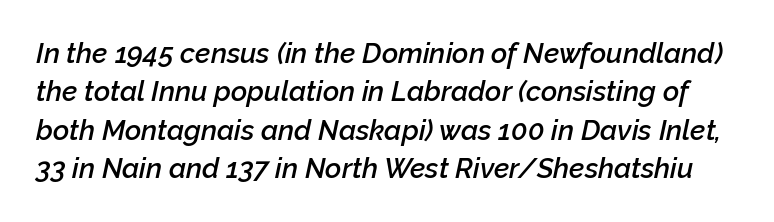
The image shows 28 px semibold type, italic (leaning right); set normal line spacing (1.37x), normal letter spacing, not underlined; low stroke contrast and a medium x-height.
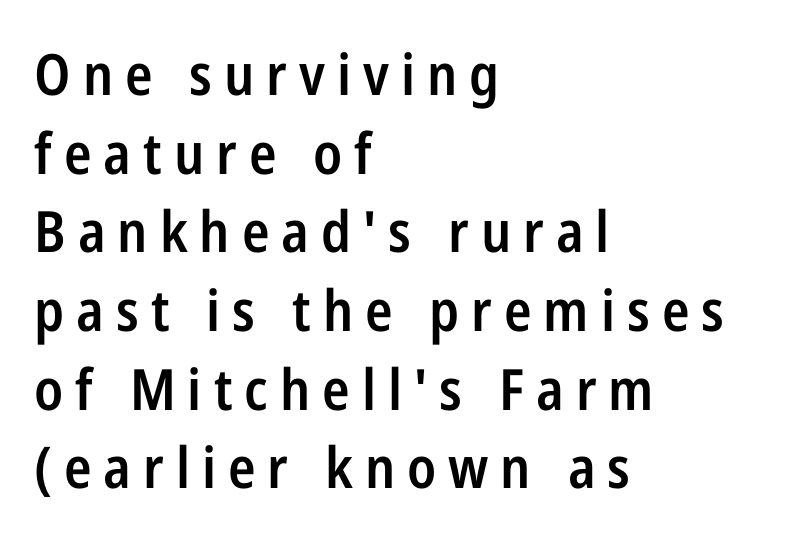
Firm but not heavy-handed strokes: this text is semibold. The lines are quadded left. The tracking reads as deliberately expanded to a designer's eye. Lines of text with bare space underneath. Typographically, this falls in the sans-serif category. Posture: upright roman.
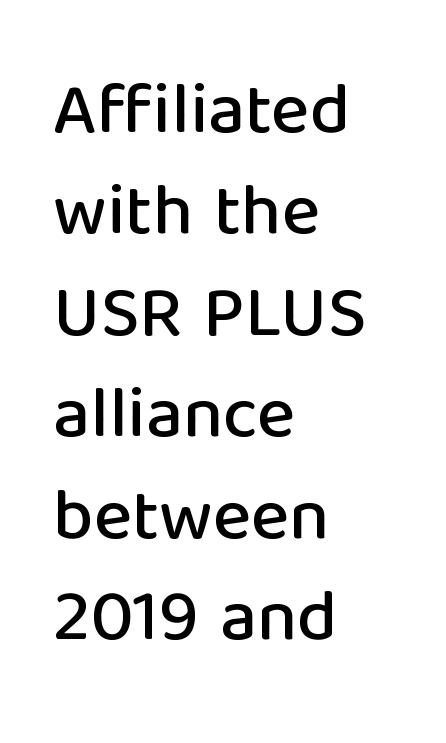
The image shows 73 px sans-serif type, upright; set left-aligned, normal line spacing (1.39x), normal letter spacing, not underlined; low stroke contrast and a medium x-height.
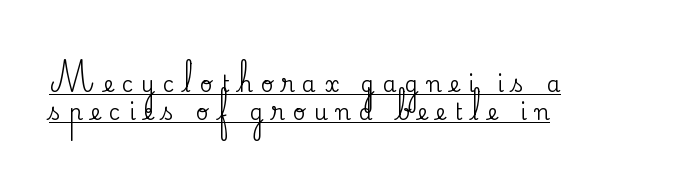
{"italic": "no", "underline": "yes", "align": "left", "line_spacing": "normal", "line_spacing_ratio": 1.27, "letter_spacing": "wide", "letter_spacing_em": 0.37, "glyph_px": 22}

- [What to do]: Every line above should be duplicated exactly; the pictures are to be left out.

- [Task result]:
The image shows 28 px semibold type, italic (leaning right); set normal line spacing (1.37x), normal letter spacing, not underlined; low stroke contrast and a medium x-height.
Firm but not heavy-handed strokes: this text is semibold. The lines are quadded left. The tracking reads as deliberately expanded to a designer's eye. Lines of text with bare space underneath. Typographically, this falls in the sans-serif category. Posture: upright roman.
The image shows 73 px sans-serif type, upright; set left-aligned, normal line spacing (1.39x), normal letter spacing, not underlined; low stroke contrast and a medium x-height.
{"italic": "no", "underline": "yes", "align": "left", "line_spacing": "normal", "line_spacing_ratio": 1.27, "letter_spacing": "wide", "letter_spacing_em": 0.37, "glyph_px": 22}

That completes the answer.